=== Problem requirements ===
A faithful copy is needed of the lines below from the one with "[diagram: same view" up to and including the one with "Length unit declared in the file: inch"; set it down with no pictures and no other lines.

(Beginning of Provided material)

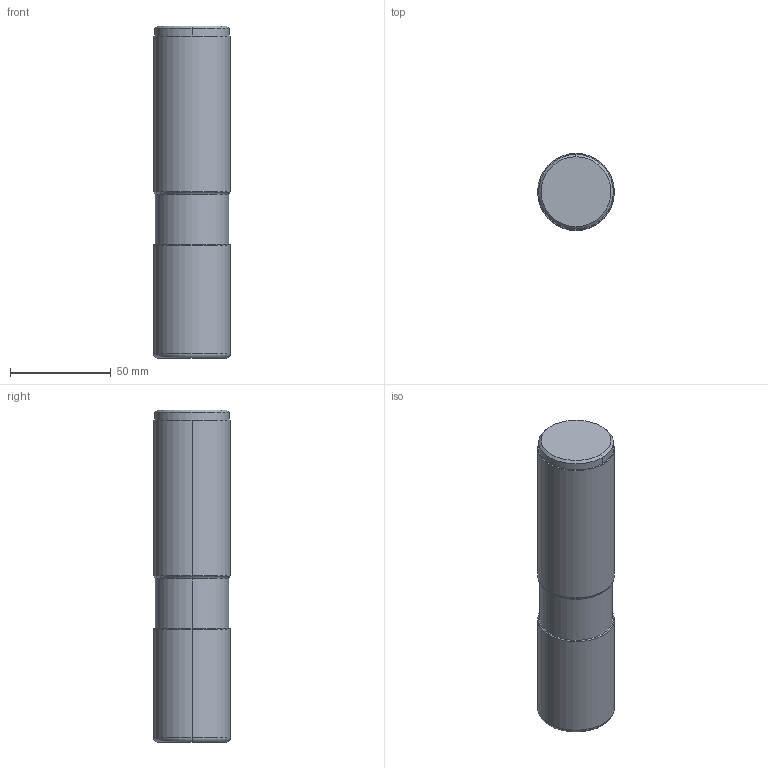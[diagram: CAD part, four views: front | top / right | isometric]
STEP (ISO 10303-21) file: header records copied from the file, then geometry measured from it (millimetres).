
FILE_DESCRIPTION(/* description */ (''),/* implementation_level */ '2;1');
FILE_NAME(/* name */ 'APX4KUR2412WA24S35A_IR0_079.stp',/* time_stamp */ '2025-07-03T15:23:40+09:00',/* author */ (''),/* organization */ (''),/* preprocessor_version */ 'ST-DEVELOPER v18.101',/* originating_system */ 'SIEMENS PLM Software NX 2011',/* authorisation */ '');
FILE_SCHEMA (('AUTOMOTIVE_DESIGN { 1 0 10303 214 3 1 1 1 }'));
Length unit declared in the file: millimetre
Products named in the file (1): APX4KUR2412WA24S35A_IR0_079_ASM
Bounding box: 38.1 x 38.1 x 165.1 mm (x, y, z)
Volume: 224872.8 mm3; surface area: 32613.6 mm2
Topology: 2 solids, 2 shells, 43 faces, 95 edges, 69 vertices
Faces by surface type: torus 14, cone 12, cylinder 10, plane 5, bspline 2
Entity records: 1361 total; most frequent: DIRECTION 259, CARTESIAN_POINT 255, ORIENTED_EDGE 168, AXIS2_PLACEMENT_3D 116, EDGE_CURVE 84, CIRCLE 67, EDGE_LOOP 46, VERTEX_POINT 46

(End of Provided material)
(Beginning of Provided material)

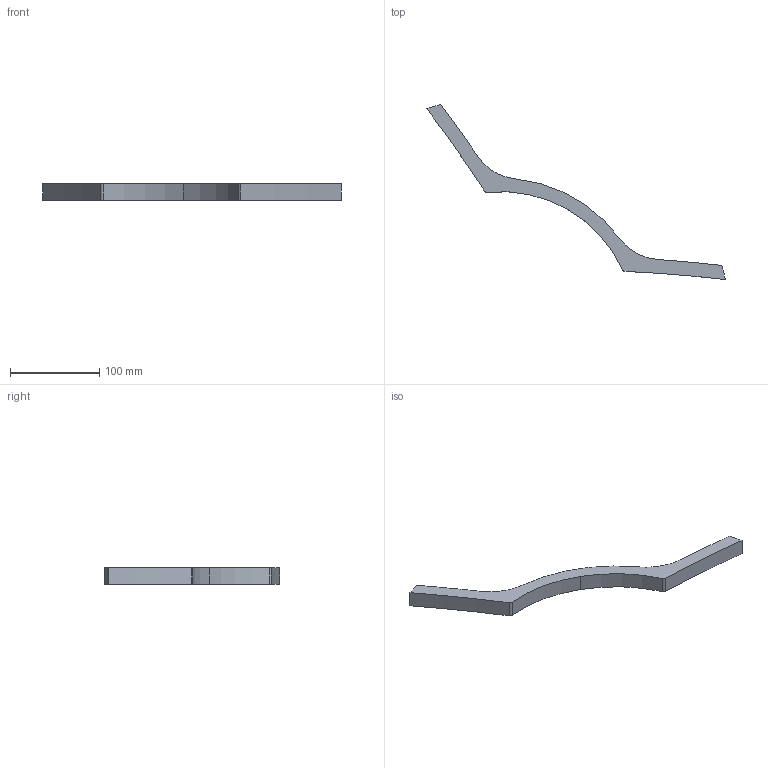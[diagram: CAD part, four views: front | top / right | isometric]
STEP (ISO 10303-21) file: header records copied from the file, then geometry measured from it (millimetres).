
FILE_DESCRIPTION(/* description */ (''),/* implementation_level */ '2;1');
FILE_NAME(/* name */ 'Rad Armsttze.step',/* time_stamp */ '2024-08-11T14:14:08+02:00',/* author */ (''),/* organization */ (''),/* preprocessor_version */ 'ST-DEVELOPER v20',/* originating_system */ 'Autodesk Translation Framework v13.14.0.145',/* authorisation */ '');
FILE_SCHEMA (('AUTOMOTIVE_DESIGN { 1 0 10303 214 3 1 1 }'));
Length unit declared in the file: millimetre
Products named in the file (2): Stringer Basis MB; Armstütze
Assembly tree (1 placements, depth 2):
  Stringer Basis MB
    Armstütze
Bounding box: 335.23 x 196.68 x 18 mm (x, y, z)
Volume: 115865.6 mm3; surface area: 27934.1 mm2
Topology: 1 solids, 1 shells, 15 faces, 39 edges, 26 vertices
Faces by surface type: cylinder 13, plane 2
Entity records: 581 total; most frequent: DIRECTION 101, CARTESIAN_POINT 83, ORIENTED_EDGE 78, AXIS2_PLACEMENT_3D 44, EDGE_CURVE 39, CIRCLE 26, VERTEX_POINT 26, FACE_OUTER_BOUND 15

(End of Provided material)
(Beginning of Provided material)

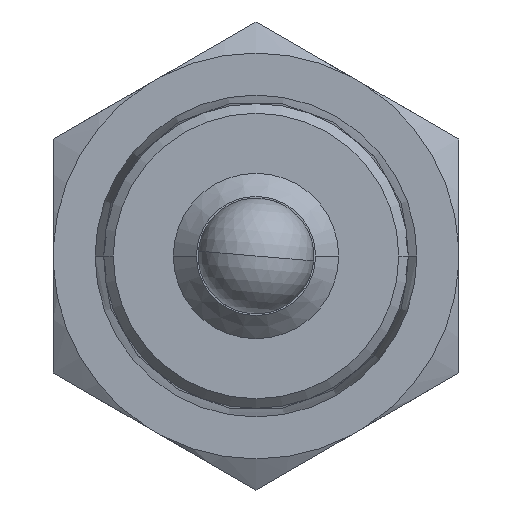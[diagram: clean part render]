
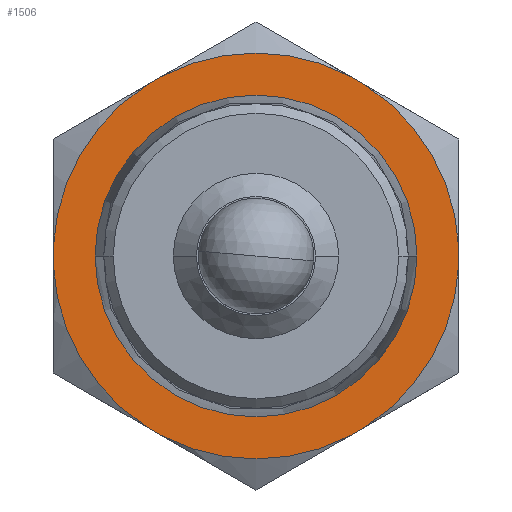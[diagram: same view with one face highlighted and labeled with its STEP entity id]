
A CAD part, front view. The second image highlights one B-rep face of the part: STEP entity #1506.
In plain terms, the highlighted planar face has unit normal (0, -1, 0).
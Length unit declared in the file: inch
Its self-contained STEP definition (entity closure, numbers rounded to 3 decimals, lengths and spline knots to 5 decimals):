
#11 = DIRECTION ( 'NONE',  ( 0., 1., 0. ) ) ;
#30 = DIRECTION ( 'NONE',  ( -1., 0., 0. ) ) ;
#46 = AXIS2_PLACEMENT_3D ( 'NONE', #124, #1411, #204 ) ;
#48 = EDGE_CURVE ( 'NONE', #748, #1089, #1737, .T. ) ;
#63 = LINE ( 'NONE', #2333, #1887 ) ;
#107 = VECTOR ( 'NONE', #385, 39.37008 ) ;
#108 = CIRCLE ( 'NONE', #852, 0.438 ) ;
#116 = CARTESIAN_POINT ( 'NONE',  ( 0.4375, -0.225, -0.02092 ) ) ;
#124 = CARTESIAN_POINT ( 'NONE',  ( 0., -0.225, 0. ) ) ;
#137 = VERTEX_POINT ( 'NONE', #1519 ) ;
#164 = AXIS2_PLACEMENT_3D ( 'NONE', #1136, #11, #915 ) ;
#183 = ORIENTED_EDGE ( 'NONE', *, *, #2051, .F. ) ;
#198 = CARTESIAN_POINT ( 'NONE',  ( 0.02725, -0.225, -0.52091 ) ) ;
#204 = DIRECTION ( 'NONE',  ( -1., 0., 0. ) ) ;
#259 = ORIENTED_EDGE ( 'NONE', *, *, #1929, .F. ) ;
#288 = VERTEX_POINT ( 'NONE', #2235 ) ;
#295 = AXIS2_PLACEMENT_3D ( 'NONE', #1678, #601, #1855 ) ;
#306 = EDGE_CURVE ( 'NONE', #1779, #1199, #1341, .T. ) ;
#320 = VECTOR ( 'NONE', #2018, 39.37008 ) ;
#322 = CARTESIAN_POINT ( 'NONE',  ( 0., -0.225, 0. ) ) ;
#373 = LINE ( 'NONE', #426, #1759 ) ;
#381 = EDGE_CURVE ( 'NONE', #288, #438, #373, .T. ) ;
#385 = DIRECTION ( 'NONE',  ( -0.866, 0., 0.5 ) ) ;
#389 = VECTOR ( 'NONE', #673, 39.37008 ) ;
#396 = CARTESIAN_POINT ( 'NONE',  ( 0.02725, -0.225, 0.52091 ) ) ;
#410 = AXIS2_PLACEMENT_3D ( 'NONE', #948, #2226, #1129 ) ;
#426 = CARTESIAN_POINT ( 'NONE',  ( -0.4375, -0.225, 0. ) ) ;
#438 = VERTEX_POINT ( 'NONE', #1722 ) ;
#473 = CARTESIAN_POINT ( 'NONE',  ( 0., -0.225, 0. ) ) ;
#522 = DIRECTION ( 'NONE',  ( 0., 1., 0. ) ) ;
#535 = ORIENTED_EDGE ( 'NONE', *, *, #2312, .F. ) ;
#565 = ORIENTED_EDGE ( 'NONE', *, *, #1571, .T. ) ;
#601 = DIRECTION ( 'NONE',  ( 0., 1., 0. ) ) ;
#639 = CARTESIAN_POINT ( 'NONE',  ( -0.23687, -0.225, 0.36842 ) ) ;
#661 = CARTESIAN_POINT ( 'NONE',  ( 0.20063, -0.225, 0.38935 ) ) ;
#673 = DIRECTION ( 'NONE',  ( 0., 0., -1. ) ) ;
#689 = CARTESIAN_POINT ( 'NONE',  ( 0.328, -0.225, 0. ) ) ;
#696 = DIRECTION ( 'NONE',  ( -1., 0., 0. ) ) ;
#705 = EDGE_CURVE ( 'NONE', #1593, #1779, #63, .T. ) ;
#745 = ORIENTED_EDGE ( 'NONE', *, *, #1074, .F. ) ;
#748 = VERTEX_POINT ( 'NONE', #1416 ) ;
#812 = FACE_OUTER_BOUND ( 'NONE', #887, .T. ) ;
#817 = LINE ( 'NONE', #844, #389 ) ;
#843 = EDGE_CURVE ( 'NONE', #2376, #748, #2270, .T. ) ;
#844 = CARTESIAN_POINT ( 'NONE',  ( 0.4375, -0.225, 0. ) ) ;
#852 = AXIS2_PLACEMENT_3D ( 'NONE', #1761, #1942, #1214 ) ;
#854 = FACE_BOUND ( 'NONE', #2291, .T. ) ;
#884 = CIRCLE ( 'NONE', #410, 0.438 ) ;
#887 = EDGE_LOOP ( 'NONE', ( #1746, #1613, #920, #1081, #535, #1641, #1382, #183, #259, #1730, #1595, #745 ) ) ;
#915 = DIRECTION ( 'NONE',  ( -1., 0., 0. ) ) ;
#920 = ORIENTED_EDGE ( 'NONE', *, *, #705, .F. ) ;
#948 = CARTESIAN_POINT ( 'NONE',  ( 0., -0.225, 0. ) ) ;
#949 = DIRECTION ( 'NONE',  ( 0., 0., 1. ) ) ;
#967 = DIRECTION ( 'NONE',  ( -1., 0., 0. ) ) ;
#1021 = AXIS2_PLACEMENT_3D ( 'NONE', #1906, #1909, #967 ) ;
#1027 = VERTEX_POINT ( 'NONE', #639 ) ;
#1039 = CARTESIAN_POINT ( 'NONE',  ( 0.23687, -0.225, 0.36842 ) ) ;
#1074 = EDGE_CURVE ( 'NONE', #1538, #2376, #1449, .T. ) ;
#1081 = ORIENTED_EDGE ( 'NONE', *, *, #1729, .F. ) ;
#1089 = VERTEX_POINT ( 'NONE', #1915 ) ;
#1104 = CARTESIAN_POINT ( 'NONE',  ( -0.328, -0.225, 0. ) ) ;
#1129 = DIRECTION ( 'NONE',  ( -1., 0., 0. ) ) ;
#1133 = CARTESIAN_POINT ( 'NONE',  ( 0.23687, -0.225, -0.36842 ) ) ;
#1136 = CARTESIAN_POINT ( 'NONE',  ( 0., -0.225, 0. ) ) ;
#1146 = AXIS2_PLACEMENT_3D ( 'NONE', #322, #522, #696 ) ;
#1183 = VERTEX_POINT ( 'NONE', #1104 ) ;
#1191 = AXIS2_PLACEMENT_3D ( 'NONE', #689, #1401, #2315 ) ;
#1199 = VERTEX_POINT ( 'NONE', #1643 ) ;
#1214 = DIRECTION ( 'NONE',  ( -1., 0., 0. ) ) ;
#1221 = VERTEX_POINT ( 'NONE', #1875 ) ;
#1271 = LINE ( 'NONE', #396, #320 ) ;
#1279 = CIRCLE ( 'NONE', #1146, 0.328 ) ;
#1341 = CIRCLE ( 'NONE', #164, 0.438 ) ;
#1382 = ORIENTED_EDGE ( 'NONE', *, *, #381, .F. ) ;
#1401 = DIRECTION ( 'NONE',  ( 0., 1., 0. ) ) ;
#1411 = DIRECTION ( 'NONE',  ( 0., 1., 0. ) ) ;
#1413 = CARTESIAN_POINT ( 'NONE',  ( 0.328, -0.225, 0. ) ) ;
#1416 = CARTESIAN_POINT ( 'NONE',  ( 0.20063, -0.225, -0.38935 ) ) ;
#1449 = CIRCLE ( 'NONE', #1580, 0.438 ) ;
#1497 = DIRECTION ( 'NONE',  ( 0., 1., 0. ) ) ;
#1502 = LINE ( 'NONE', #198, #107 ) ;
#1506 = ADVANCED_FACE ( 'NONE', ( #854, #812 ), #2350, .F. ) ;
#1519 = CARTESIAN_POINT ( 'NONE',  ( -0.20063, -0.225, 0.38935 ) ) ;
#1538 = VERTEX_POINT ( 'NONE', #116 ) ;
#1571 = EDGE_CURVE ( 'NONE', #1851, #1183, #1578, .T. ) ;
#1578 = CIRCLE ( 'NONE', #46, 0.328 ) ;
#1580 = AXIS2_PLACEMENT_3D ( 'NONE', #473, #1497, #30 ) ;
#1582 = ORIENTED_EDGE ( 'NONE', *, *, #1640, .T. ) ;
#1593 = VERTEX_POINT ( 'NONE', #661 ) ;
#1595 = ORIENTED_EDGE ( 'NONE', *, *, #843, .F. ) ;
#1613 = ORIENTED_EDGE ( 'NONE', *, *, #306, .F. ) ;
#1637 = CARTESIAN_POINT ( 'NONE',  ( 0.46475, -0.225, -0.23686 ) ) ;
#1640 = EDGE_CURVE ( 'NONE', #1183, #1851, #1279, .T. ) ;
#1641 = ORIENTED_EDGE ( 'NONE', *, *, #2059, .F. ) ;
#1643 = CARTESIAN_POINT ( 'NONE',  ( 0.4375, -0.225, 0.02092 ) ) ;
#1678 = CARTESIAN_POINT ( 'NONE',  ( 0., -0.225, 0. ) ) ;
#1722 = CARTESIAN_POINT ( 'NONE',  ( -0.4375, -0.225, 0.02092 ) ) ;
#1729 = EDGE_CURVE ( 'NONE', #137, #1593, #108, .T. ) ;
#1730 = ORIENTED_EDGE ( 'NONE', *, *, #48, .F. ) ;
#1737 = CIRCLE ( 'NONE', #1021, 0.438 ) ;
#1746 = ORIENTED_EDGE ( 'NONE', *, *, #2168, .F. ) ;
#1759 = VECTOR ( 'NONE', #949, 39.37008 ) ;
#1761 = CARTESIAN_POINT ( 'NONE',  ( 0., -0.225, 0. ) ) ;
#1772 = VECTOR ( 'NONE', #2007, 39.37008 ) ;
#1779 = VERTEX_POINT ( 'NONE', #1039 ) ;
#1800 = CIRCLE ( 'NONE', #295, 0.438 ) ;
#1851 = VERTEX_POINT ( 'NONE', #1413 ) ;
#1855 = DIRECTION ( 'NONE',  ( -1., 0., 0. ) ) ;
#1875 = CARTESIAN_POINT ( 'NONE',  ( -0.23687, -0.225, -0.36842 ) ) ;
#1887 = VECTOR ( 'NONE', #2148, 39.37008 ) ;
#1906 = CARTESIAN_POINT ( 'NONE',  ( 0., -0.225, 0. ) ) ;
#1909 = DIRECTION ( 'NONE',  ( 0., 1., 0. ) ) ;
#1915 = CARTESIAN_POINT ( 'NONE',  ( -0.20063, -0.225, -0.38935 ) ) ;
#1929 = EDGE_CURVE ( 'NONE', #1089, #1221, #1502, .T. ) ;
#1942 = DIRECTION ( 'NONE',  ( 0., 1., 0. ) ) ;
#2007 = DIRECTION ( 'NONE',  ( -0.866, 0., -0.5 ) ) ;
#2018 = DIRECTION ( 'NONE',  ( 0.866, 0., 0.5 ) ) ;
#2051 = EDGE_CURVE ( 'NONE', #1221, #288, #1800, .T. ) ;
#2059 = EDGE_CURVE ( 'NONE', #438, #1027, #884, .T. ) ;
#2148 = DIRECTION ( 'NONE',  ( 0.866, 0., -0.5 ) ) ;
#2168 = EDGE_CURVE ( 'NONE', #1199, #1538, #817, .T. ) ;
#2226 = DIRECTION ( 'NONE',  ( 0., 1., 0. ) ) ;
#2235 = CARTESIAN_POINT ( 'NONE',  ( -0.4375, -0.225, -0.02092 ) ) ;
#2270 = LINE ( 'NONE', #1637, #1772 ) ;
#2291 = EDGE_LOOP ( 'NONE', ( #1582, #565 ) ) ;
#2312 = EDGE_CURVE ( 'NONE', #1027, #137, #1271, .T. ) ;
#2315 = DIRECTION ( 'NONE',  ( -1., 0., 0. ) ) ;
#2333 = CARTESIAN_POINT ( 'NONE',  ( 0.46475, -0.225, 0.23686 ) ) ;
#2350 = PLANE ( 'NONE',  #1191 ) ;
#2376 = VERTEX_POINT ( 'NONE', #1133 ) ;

(End of Provided material)

=== Output for this task ===
[diagram: same view with one face highlighted and labeled with its STEP entity id]
A CAD part, front view. The second image highlights one B-rep face of the part: STEP entity #1506.
In plain terms, the highlighted planar face has unit normal (0, -1, 0).
Length unit declared in the file: inch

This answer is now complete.